- Brief -
Could you return each line of the material that has "stations" in it?
===============
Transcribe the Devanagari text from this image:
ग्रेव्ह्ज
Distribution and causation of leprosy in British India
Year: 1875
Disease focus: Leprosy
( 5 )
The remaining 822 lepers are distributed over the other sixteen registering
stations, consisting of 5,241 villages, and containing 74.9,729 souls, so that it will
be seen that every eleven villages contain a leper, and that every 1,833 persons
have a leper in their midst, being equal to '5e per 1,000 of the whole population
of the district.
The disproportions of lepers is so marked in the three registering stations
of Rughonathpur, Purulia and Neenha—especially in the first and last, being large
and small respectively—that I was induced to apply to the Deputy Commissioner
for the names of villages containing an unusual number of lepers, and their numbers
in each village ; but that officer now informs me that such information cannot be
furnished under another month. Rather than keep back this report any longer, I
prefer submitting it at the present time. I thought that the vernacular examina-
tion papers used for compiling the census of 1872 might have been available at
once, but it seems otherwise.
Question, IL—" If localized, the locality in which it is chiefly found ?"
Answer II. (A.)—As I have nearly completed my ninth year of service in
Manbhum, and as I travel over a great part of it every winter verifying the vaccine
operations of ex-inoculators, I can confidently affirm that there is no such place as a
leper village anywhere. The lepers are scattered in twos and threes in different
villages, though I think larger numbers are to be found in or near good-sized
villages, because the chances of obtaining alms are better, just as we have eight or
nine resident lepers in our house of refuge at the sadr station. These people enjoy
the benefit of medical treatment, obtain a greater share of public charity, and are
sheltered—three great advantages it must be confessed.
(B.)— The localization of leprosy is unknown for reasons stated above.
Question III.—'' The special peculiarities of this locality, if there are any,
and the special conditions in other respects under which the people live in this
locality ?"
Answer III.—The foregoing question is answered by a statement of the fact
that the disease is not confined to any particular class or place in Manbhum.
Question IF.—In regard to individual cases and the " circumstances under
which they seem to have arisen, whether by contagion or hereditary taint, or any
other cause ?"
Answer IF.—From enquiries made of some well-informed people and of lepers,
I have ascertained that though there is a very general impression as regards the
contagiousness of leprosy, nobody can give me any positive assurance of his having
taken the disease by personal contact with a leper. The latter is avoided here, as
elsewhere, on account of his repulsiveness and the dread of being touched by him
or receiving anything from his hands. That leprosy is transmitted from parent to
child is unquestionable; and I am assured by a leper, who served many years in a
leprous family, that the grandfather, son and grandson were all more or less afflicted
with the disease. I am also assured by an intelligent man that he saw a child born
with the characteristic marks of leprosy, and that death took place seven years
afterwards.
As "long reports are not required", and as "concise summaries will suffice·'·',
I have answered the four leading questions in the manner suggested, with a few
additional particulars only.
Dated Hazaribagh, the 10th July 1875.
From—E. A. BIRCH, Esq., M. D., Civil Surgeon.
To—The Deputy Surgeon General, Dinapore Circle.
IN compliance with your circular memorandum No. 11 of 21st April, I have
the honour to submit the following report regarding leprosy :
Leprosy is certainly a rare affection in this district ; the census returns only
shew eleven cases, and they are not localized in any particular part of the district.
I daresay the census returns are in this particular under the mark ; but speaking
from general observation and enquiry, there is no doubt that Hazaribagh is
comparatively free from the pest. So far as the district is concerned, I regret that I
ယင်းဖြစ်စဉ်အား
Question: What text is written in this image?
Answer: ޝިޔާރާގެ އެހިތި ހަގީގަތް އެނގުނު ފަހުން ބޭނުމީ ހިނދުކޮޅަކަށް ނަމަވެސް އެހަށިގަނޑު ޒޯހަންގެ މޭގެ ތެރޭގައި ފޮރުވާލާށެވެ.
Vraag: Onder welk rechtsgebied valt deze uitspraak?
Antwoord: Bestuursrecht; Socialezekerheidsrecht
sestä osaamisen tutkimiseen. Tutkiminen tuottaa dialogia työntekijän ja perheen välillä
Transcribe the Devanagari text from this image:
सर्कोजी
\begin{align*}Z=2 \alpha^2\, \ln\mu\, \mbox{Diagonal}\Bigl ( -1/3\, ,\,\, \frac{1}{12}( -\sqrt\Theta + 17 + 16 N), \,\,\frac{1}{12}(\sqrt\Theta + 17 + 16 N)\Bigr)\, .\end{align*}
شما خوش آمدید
===============
- Response box -
stations, consisting of 5,241 villages, and containing 74.9,729 souls, so that it will
The disproportions of lepers is so marked in the three registering stations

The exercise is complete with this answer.